‘In Dreams Begin Responsibilities’ by Delmore Schwartz

Young Adulthood…

I woke up into the bleak winter morning of my 21st birthday…

Delmore Schwartz’s most famous short story (apparently written over a single weekend by the similarly aged Schwartz) is the retelling of a dream the unnamed narrator has on the eve of his twenty-first birthday. In this dream the narrator is seated in a cinema audience, watching an old black and white film of the courtship of his own young, not-yet-married parents. He sees his father arriving at his mother’s family home to take her out on a date, and watches his grandfather (his mother’s father) disapprovingly observe his would-be-son-in-law. The narrator muses that his grandfather is perhaps worried that “my father would not make a good husband for his oldest daughter,” and just at that moment the film breaks down.

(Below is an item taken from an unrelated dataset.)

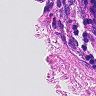
Metastatic tissue present: no

It quickly resumes, and the couple depart for their date at Coney Island. And yet the sense lingers that the grandfather, through an unguarded comment or question, could have put a stop to everything right there; but, by holding his peace, has allowed the union to continue, and all that follows. Meanwhile, the twenty-one-year-old result of this union continues to watch his parents on their date, all the time horribly aware of their flaws and insecurities. At one point he even stands up to shout at the screen: “Don’t do it. It’s not too late to change your minds, both of you. Nothing good will come of it, only remorse, hatred, scandal, and two children whose characters are monstrous.”

It’s Larkin’s ‘This Be The Verse’ meets the Back to the Future – shot through with a healthy does of Jewish intelligentsia circa 1930s New York.